The equations of state that you mention are all important because their empirical parameters heuristically distill some important effects that are the leading corrections to ideal gas behavior in the relevant regimes. For van der Waals, the two parameters account for finite sized particles and two-particular interactions.

These equations are useful, because it's common to go tabulate all of their parameter values from measurements and then use them to predict gas behavior. But there's an important generalization that's sometimes slightly more unwieldy but has a nice theoretical interpretation: the virial equation of state: $$ \frac{p}{RT} = A(T) \rho + B(T) \rho^2 + C(T) \rho^3 + \ldots. $$ This is at its core a Taylor expansion of the pressure as a function of density, which means that if we believe that our equation of state is smooth (analytic), it should always be able to be expressed in this form. $A(T)$ is always 1, because all gases are ideal in the low-density limit. The higher virial coefficients are the corrections as the density increases, and in general they are allowed to have any temperature dependence. If you want, you can also expand $B(T)$ and $C(T)$ in powers of $T$, and then you can fully express an analytic equation of state. The linked Wikipedia page shows how the van der Waals and several other empirical equations of state can be cast into a virial form.

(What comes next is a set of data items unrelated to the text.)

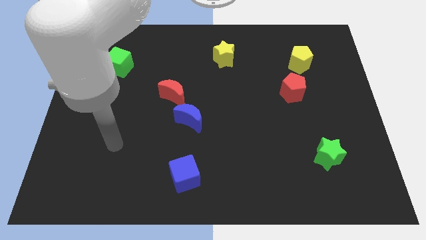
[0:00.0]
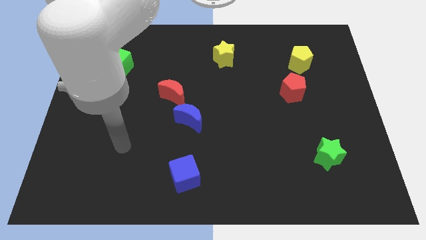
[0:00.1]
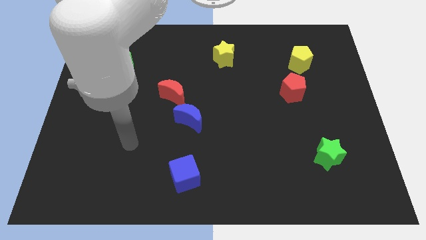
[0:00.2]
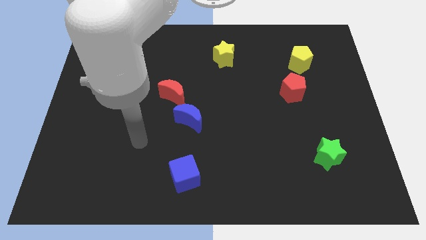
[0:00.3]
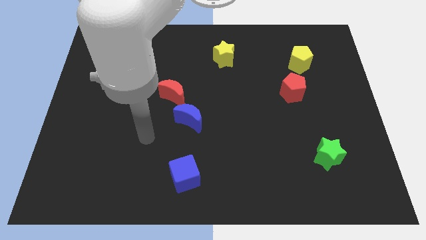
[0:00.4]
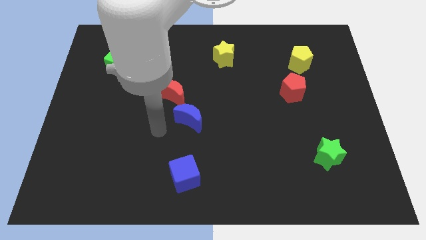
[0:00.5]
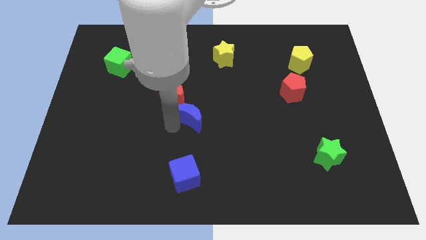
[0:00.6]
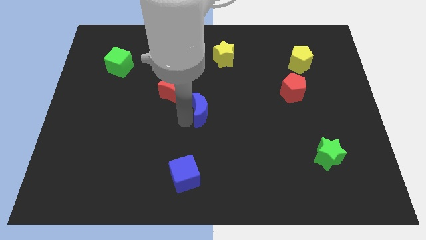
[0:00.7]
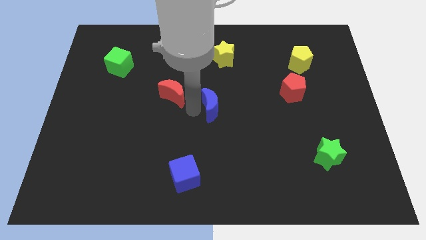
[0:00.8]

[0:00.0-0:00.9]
pull the red moon apart from the blue moon

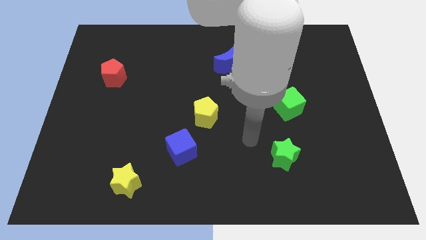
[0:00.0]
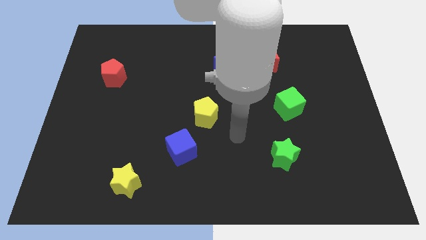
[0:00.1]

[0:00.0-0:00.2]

Statistical mechanics is the theory that starts with a microscopic description of a system and tries to abstract away to connect it to the thermodynamic properties. In the context of equations of state of gases, we first find the partition function (which is in general very difficult but straightforward for the ideal gas) and then take derivatives to find the pressure, which will be expressed as a function of the temperature and density as $p = \rho R T$. For real gases, the complication is that the phase space of the entire system has a complicated structure that doesn't factorize nicely into single-particle pieces because particles interact with each other. However, there's a procedure called the Mayer cluster expansion which allows us to compute the partition function in the limit that inter-particle interactions are short-range, so for the most part, molecules fly around ballistically, without interacting---the defining assumption of the gas phase. In statistical field theory (which is what this is quickly becoming), it's dangerous to ascribe too much meaning to formal manipulations and resummings like the cluster expansion. But at a high level, the $n$th term of the expansion represents interactions between a cluster of $n$ particles at once: the third term will represent the contribution from three particles all within range of each others' potential at once, etc. This means that the higher terms only really end up happening when the density is very high and the probability of a several-particle collision is not extremely small. In fact, if we find the pressure from the partition function, what we get is the virial expansion! This leads us to the (hand-wavy) interpretation that the $\rho^n$ term of the virial equation of state represents the effect of $n$-fold collisions between particles.